:: Records for the exercise

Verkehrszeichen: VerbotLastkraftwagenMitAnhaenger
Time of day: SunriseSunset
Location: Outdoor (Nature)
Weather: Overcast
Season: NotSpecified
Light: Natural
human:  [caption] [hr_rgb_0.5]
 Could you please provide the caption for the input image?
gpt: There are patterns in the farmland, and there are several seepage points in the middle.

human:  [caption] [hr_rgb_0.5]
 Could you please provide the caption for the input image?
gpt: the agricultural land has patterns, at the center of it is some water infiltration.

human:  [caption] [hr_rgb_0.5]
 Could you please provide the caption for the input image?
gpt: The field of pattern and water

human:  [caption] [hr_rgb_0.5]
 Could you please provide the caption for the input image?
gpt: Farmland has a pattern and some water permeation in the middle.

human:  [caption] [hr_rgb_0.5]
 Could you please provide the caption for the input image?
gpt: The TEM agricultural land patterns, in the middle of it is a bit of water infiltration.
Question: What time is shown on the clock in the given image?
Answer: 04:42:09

::::
:: Records for the exercise

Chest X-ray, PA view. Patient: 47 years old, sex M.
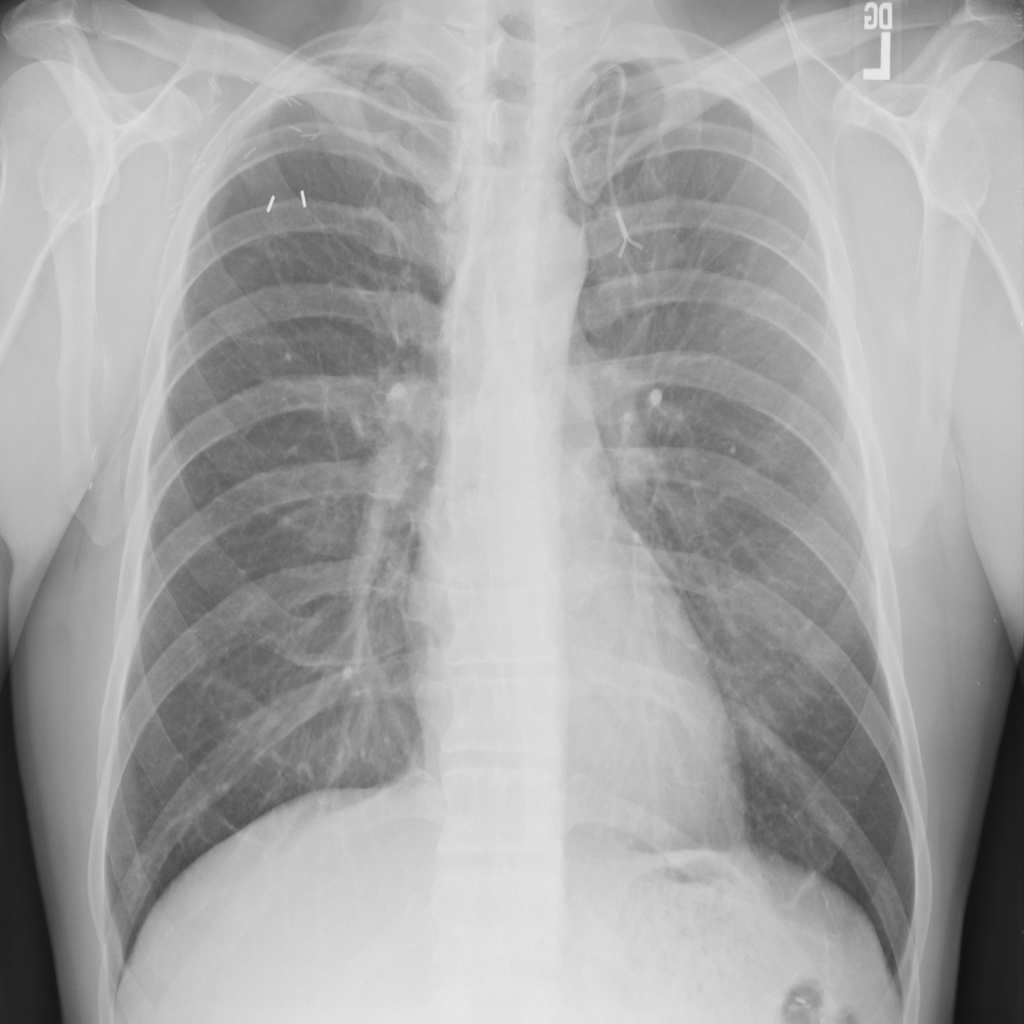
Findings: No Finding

::::
:: Records for the exercise

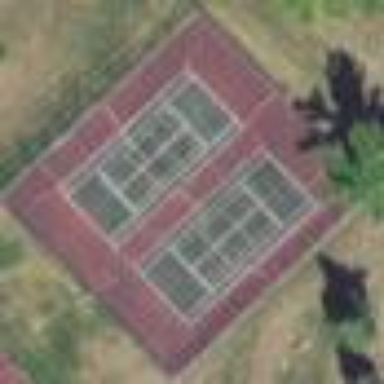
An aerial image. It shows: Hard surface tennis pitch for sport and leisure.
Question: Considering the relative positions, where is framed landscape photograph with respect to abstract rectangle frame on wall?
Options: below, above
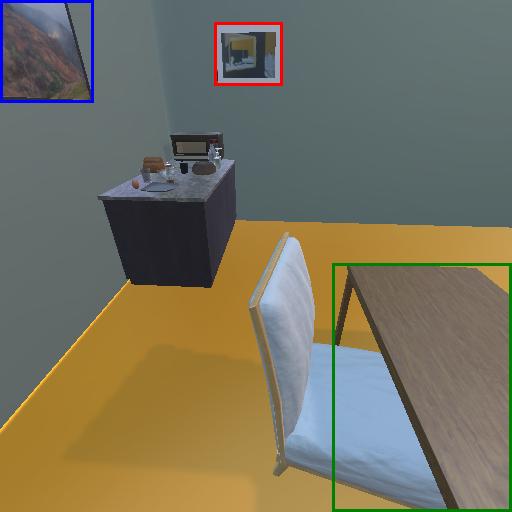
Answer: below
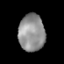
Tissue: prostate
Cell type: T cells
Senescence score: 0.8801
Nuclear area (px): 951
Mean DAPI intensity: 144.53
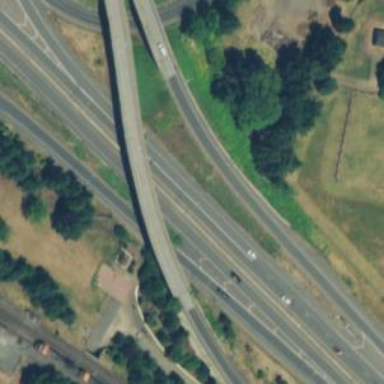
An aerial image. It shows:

::::

Return every line of the data above in which "Question" appears.

Answer space:
Question: What time is shown on the clock in the given image?
Question: Considering the relative positions, where is framed landscape photograph with respect to abstract rectangle frame on wall?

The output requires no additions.